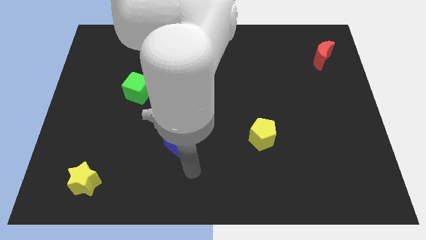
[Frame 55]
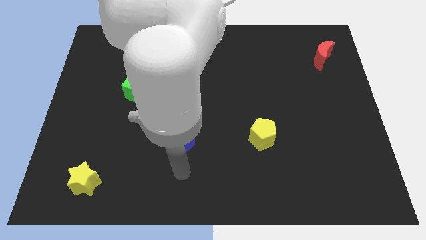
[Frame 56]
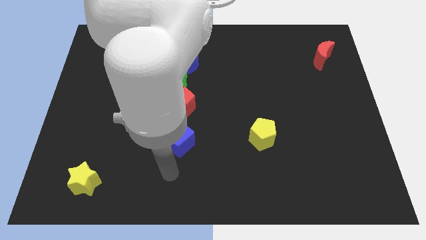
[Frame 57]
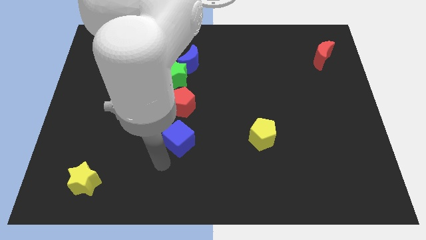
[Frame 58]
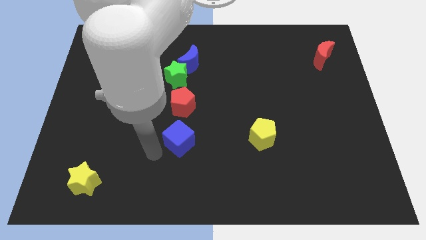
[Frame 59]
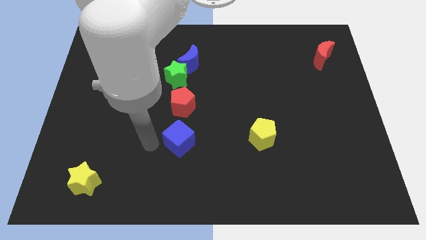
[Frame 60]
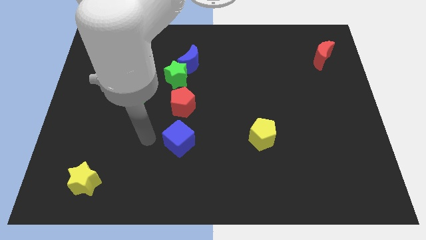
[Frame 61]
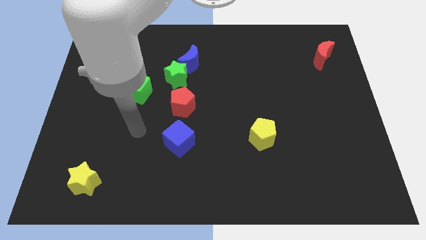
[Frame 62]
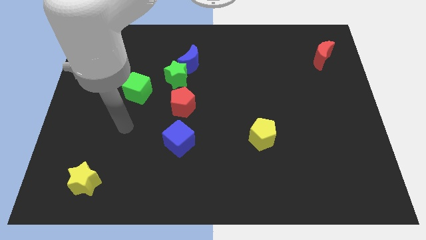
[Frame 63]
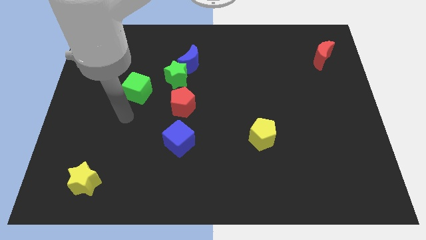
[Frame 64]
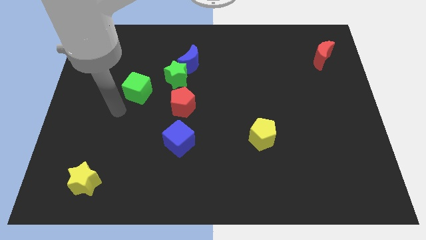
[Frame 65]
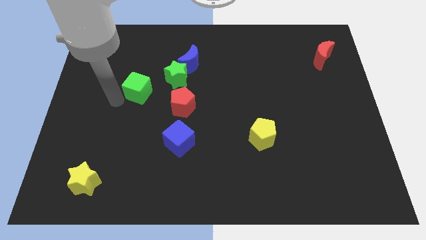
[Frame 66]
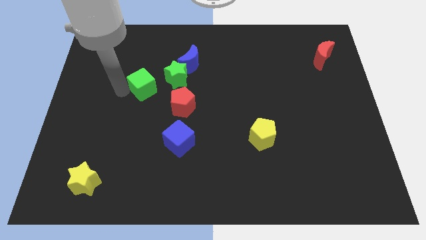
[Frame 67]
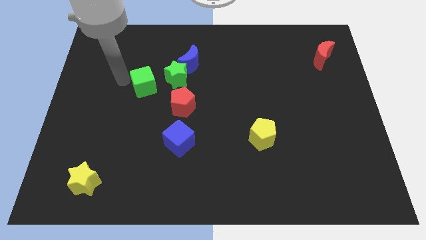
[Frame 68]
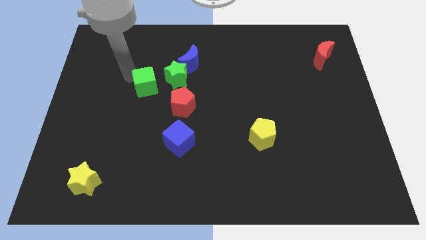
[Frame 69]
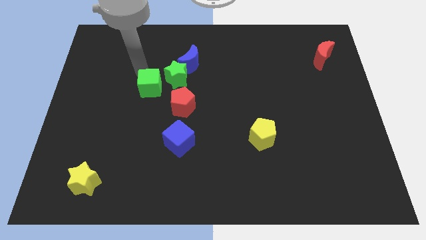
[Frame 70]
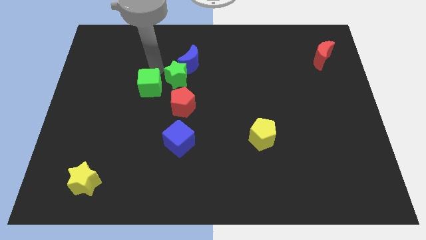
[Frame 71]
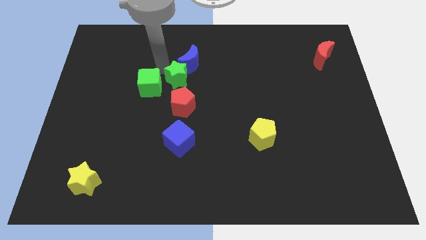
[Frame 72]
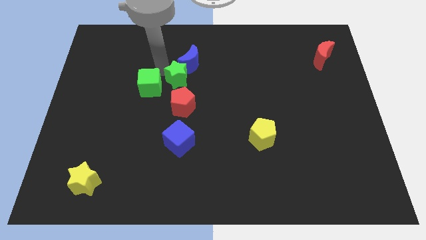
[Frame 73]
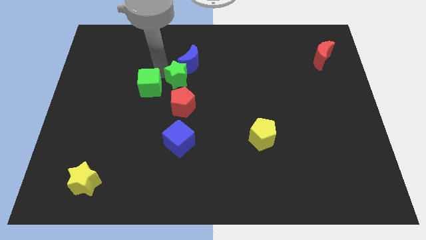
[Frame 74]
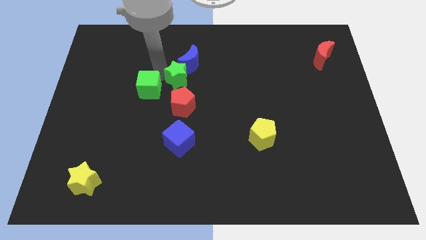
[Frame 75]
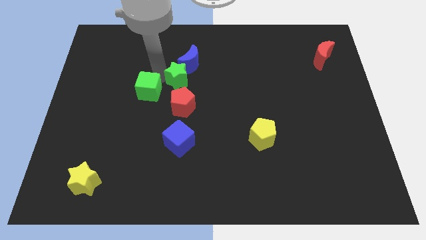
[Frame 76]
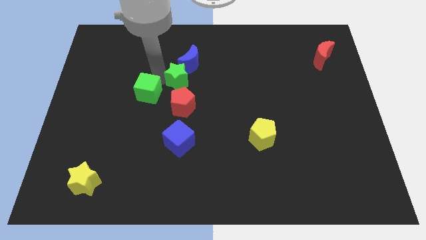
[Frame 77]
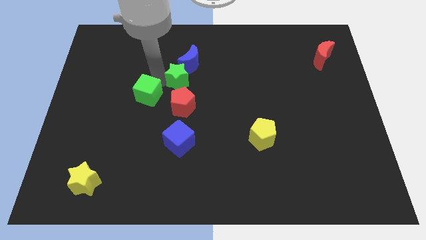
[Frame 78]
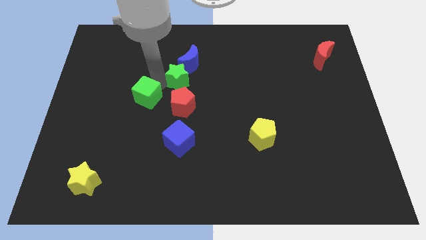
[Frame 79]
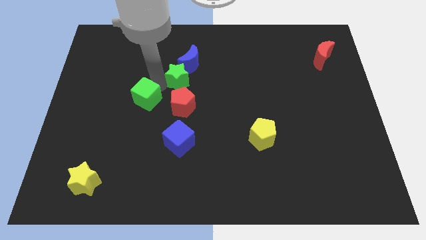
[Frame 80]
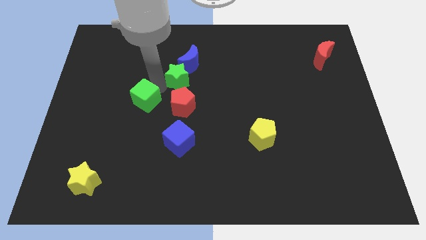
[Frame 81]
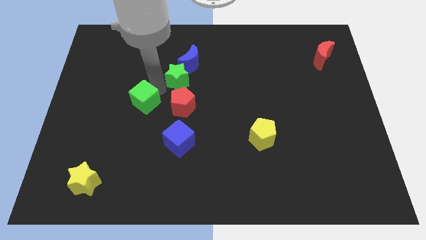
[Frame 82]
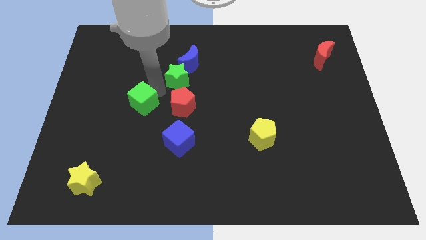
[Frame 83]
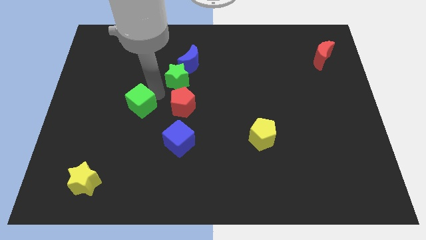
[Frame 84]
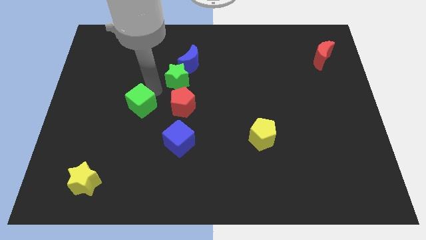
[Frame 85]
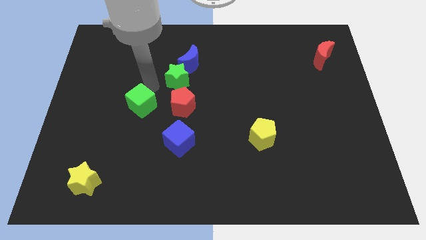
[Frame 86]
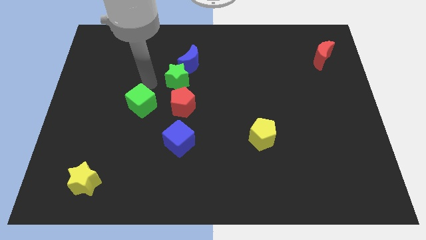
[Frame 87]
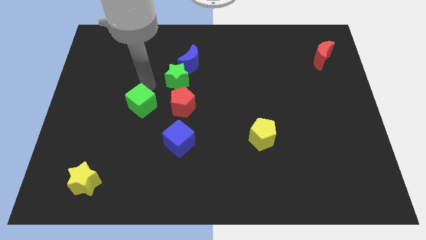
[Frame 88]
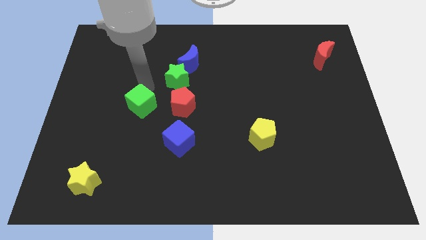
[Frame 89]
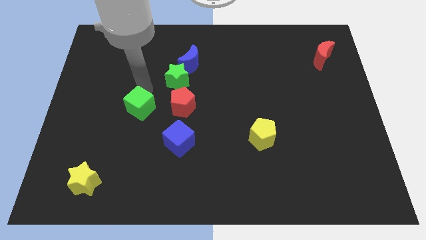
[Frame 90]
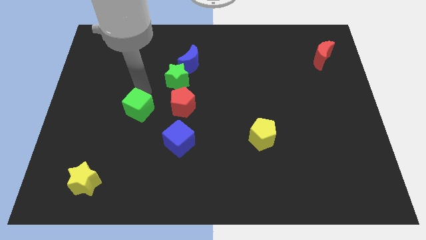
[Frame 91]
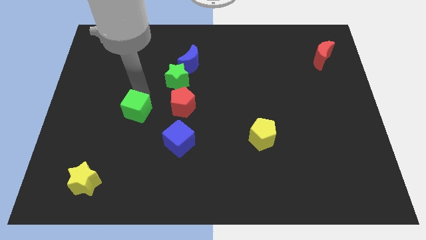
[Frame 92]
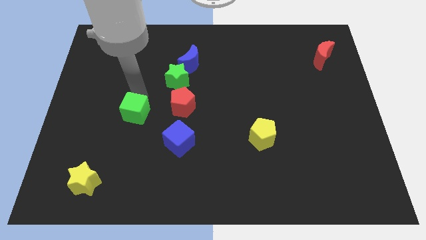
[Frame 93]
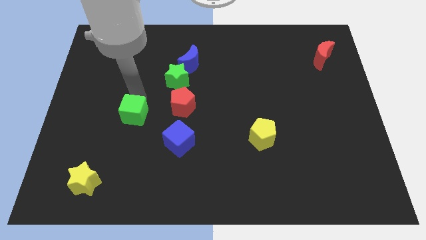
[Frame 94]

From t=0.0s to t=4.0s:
push the green cube a little downwards

● ● ● ● ● ● ●

> _Your task_: Please output the material as written, apart from the images.

> _Task answer_:
[Frame 55]
[Frame 56]
[Frame 57]
[Frame 58]
[Frame 59]
[Frame 60]
[Frame 61]
[Frame 62]
[Frame 63]
[Frame 64]
[Frame 65]
[Frame 66]
[Frame 67]
[Frame 68]
[Frame 69]
[Frame 70]
[Frame 71]
[Frame 72]
[Frame 73]
[Frame 74]
[Frame 75]
[Frame 76]
[Frame 77]
[Frame 78]
[Frame 79]
[Frame 80]
[Frame 81]
[Frame 82]
[Frame 83]
[Frame 84]
[Frame 85]
[Frame 86]
[Frame 87]
[Frame 88]
[Frame 89]
[Frame 90]
[Frame 91]
[Frame 92]
[Frame 93]
[Frame 94]

From t=0.0s to t=4.0s:
push the green cube a little downwards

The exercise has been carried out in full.